I refuse to believe that this is the best we can do. If you read authors 
like Alan Cooper and Jef Raskin (and find them persuasive, as I do), you 
get a sense of how much better computing environments could and should 
be. As for process ... Cooper's recommendations for putting interaction 
design first are very much geared to a corporate setting. Is there a way 
to incorporate the user-centric essence of that approach into a 
democratic/meritocratic development process?
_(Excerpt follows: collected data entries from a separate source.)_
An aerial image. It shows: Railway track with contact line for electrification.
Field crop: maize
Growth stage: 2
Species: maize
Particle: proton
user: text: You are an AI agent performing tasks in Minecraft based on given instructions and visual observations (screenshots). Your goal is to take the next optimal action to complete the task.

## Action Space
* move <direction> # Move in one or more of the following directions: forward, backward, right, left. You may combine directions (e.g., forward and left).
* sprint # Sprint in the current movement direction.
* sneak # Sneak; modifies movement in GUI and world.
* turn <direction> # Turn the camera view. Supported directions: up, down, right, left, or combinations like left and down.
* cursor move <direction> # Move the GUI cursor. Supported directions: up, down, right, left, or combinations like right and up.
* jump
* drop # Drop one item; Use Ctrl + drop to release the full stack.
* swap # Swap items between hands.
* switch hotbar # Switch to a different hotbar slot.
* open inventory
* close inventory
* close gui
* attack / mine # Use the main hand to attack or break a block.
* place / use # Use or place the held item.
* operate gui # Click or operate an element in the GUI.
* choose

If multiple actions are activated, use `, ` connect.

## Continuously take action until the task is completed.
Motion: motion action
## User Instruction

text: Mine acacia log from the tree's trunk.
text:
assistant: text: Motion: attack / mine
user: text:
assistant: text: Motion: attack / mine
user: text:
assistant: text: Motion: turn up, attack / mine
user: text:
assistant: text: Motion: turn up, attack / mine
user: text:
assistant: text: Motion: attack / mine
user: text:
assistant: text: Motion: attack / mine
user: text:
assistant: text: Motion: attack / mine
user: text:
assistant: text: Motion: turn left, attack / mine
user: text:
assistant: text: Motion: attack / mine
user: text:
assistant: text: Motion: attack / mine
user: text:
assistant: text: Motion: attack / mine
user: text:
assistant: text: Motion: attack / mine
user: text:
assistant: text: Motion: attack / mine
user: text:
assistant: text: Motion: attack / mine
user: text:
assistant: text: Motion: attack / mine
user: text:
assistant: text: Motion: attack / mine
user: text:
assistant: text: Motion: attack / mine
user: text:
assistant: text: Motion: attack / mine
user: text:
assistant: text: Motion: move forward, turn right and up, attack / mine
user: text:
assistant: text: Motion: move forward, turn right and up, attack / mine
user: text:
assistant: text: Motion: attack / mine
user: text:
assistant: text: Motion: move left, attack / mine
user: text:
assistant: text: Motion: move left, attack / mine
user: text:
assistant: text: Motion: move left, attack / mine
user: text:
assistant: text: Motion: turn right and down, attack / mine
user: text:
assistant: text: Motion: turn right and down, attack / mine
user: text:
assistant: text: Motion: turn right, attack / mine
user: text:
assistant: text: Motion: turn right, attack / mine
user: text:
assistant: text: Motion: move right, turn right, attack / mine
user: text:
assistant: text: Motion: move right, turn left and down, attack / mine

I'd like to think so ... so 
far the only way I can see to proceed is individual initiatives by 
people who know and/or care about interaction design (count me as one 
who cares ... maybe I know a little, though probably not enough).

> The GUI should provide enough configurability to
> support all of them, and a plug-in API for back-end shims.

What do you mean by "shim?" I think I vaguely understand, but you seem 
to mean a fairly specific kind of component.

> the majors you don't use just as your "ante".  After that, if your
> interface is a real improvement (by that I mean, as opposed to just
> fitting your style better) you shouldn't have to push to get the ball
> rolling.

Maybe, but it depends on the audience. Hackers like new software, and 
are usually game to try anything out of curiosity or in response to a 
rational argument. But if the meta-objective is "better desktop Linux," 
then you have to be ready to deal with people who are not like that. My 
experience working with non-geeks has forced me to conclude--sadly--that 
many people are terrified of learning new software, even when they 
accept that there are good reasons to do so.

... which could segue into a rant about how so many people these days 
are content with a mediocre spoon-fed reality, and doesn't it suck, etc. 
But I think I'll leave that for another day.